To create a continuous metrics stream you need to provide a deployment dataframe and metrics creation configuration yaml.

```yaml
errors:
    rate_in_ticks: < ~ticks between errors>
    length_in_ticks: < ~length of error mode>
timestamps:
    interval: <time between samples in seconds>
    stochastic_interval: <create random intervals (around interval)>
metrics:
  <metric name>:
    accuracy: <decimals to produce>
    distribution: normal
    distribution_params:
        mu: <mean>
        noise: <noise>
        sigma: <std>
    is_threshold_below: <True to produce max when in error mode, False for min>
    past_based_value: <True to add the latest metric to the last result (like in daily stock market), False to replace normally)
    produce_max: <True for candles-like presentation>
    produce_min: <True for candles-like presentation>
    validation:
        distribution: # per-sample validation
            max: <max value for individual sample>
            min: <min value for individual sample>
            validate: <True to activate validation>
      metric: # metric level validations
        max: <max value for overall-metric sample (only applicable to past-based-values)>
        min: <min value for overall-metric sample (only applicable to past-based-values)>
        validate: <True to activate validation>
```

Each configured feature will generate additional metric for your deployment.

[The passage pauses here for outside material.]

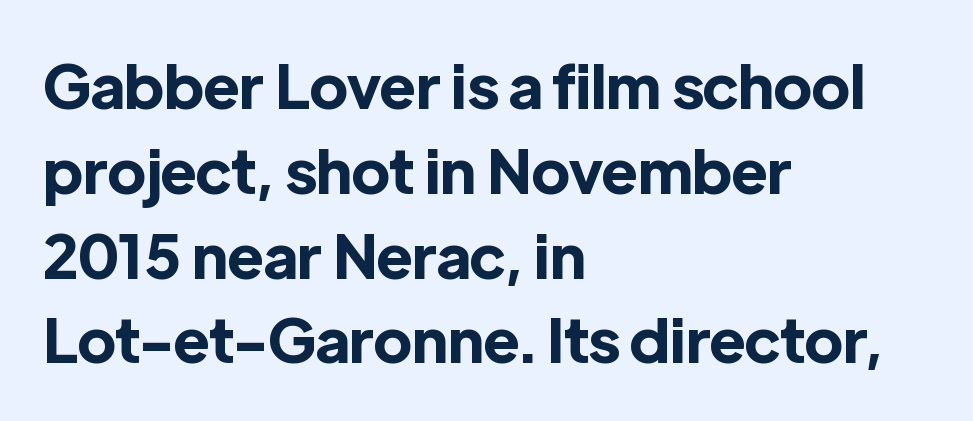
You could not count columns in this text — the font is proportionally spaced. Regarding leading, the lines here are spaced in the standard way. Font category for this specimen: sans-serif. Each word holds together tightly as a unit, with standard inter-letter gaps. Descenders are the only things crossing below the line.

Example: Given the following yaml

```yaml
errors: {length_in_ticks: 10, rate_in_ticks: 5}
timestamps: {interval: 5s, stochastic_interval: true}
metrics:
  cpu_utilization:
    accuracy: 2
    distribution: normal
    distribution_params: {mu: 70, noise: 0, sigma: 10}
    is_threshold_below: true
    past_based_value: false
    produce_max: false
    produce_min: false
    validation:
      distribution: {max: 1, min: -1, validate: false}
      metric: {max: 100, min: 0, validate: true}
  throughput:
    accuracy: 2
    distribution: normal
    distribution_params: {mu: 250, noise: 0, sigma: 20}
    is_threshold_below: false
    past_based_value: false
    produce_max: false
    produce_min: false
    validation:
      distribution: {max: 1, min: -1, validate: false}
      metric: {max: 300, min: 0, validate: true}
```

And the previous deployment:

```python
from metrics_gen.metrics_generator import Generator_df

metrics_generator = Generator_df(metrics_configuration, user_hierarchy=deployment)
generator = metrics_generator.generate(as_df=True)

df = next(generator)
```

Will generate the following dataframe:

| timestamp                  	| core          	| device        	| cpu_utilization    	| cpu_utilization_is_error 	| throughput         	| throughput_is_error 	| is_error 	|
|----------------------------	|---------------	|---------------	|--------------------	|--------------------------	|--------------------	|---------------------	|----------	|
| 2022-01-31 19:20:21.007087 	| 2113309831673 	| 4469221325973 	| 100.0              	| True                     	| 0.0                	| True                	| True     	|
| 2022-01-31 19:20:21.007087 	| 2115933686087 	| 4469221325973 	| 100.0              	| True                     	| 235.0679405785135  	| False               	| False    	|
| 2022-01-31 19:20:21.007087 	| 0175482390171 	| 4469221325973 	| 70.26657388732976  	| False                    	| 208.34378630077305 	| False               	| False    	|
| 2022-01-31 19:20:21.007087 	| 1626403145660 	| 4038890878426 	| 59.932750968399404 	| False                    	| 217.4335871243806  	| False               	| False    	|
| 2022-01-31 19:20:21.007087 	| 7247058922310 	| 4038890878426 	| 83.98361382584898  	| False                    	| 265.3476318369042  	| False               	| False    	|
| 2022-01-31 19:20:21.007087 	| 7030239128061 	| 4038890878426 	| 100.0              	| False                    	| 225.16604191632058 	| False               	| False    	|

To generate new samples all we need to do is call `next(generator)` and a new sample will be generated.